> [Instructions to follow]
Below are the records to retype. Keep every character exactly and leave out the pictures.

Records from a data collection
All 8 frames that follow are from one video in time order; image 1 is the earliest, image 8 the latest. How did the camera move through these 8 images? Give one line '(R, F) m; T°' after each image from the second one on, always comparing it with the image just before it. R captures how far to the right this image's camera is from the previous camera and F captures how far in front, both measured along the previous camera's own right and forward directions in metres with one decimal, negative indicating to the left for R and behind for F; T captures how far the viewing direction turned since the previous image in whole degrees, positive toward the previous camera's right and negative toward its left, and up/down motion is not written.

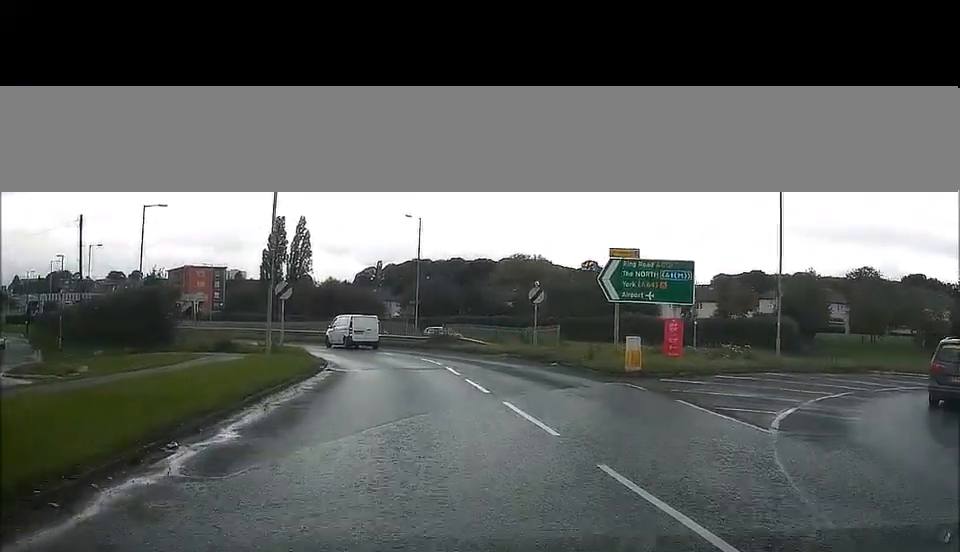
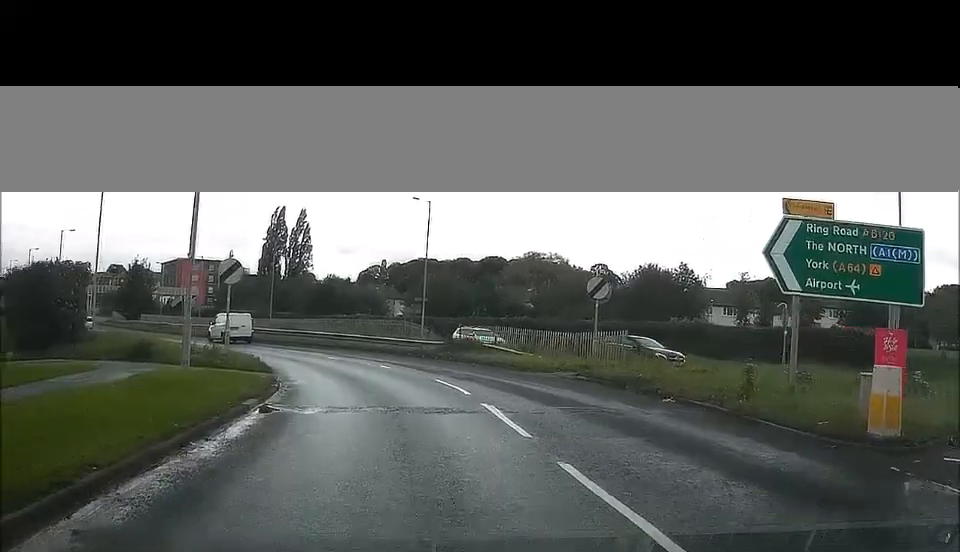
(-0.2, +10.0) m; -2°
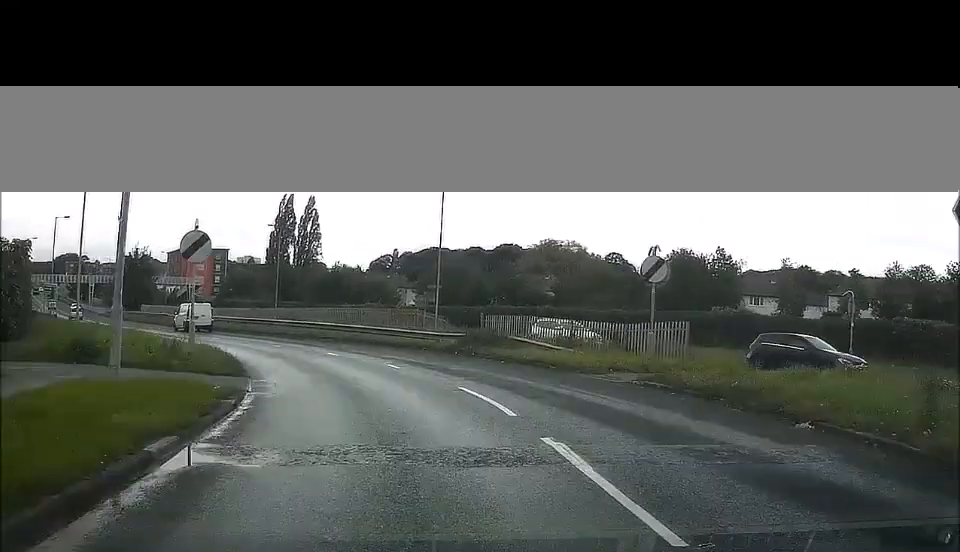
(0.0, +4.8) m; -1°
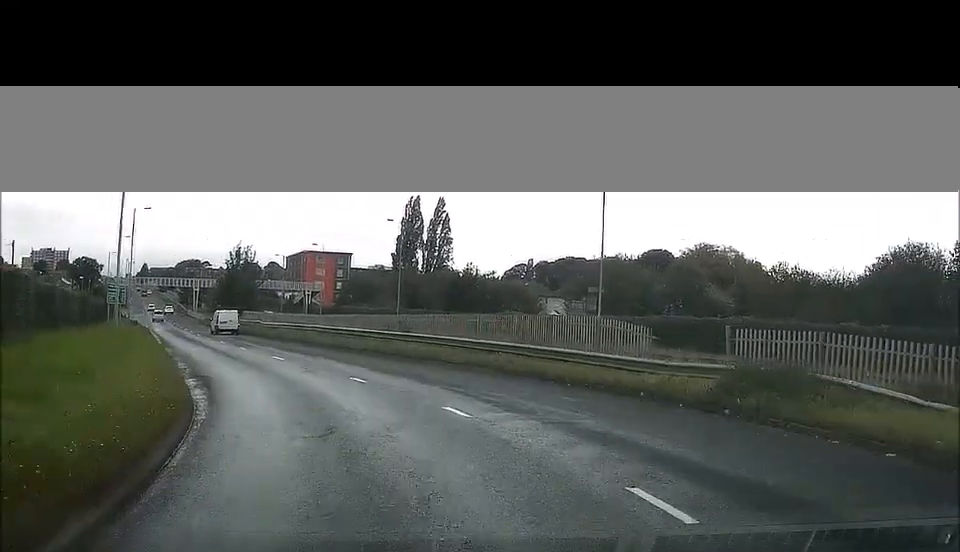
(-0.5, +14.5) m; -6°
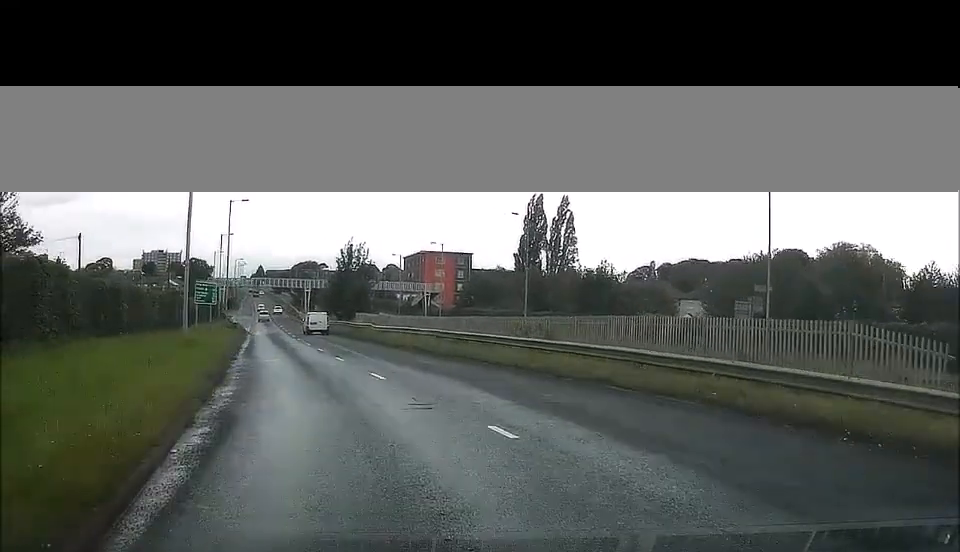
(-0.4, +7.8) m; -5°
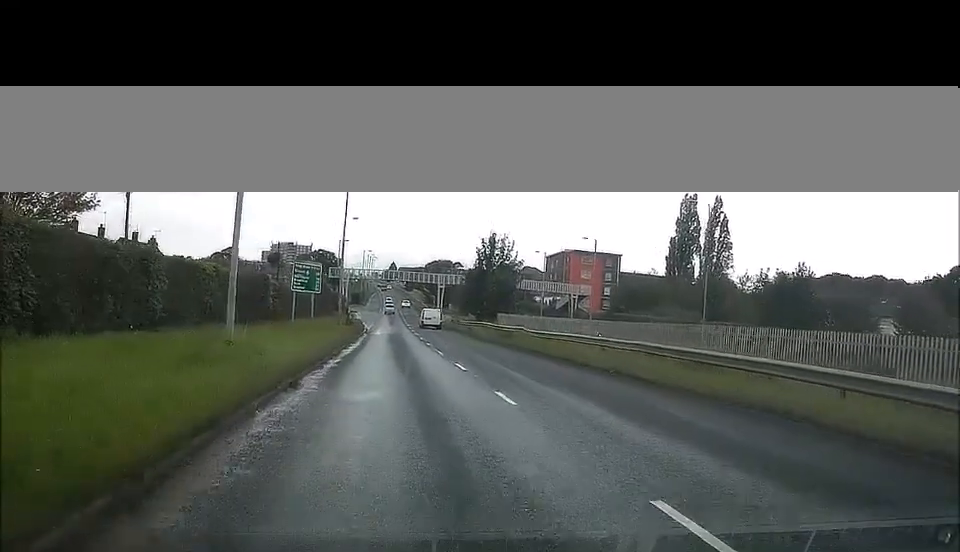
(-1.2, +13.7) m; -9°
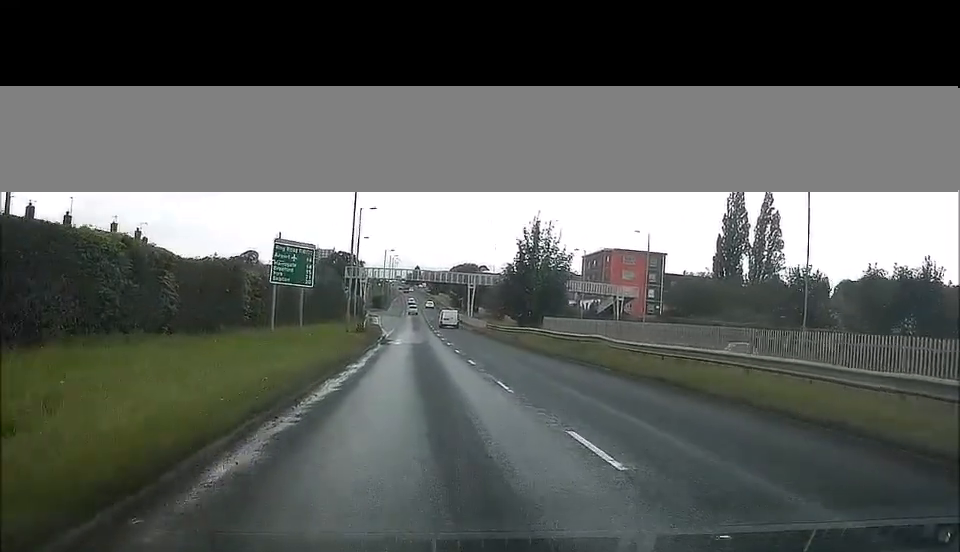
(-0.6, +13.2) m; -4°
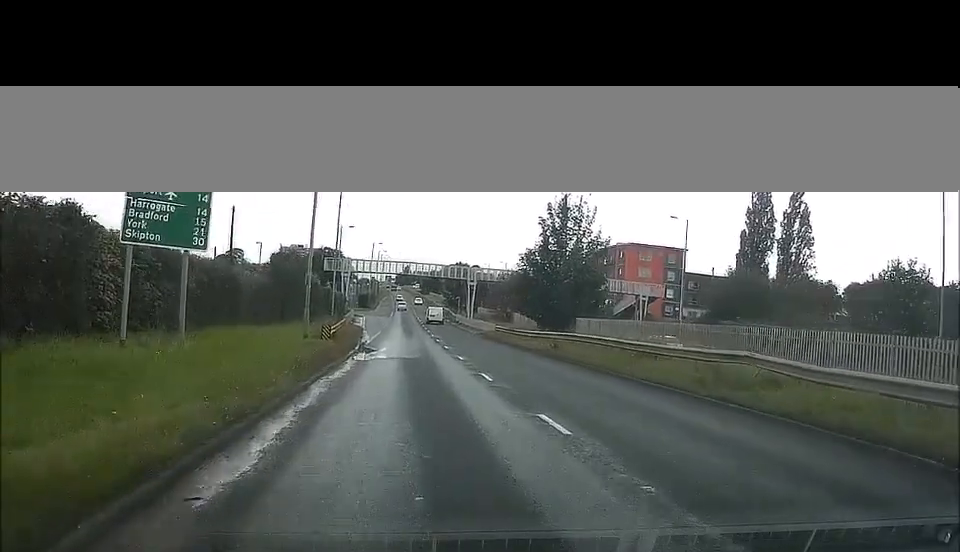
(-0.4, +15.8) m; -2°

> [Expected answer]
All 8 frames that follow are from one video in time order; image 1 is the earliest, image 8 the latest. How did the camera move through these 8 images? Give one line '(R, F) m; T°' after each image from the second one on, always comparing it with the image just before it. R captures how far to the right this image's camera is from the previous camera and F captures how far in front, both measured along the previous camera's own right and forward directions in metres with one decimal, negative indicating to the left for R and behind for F; T captures how far the viewing direction turned since the previous image in whole degrees, positive toward the previous camera's right and negative toward its left, and up/down motion is not written.

(-0.2, +10.0) m; -2°
(0.0, +4.8) m; -1°
(-0.5, +14.5) m; -6°
(-0.4, +7.8) m; -5°
(-1.2, +13.7) m; -9°
(-0.6, +13.2) m; -4°
(-0.4, +15.8) m; -2°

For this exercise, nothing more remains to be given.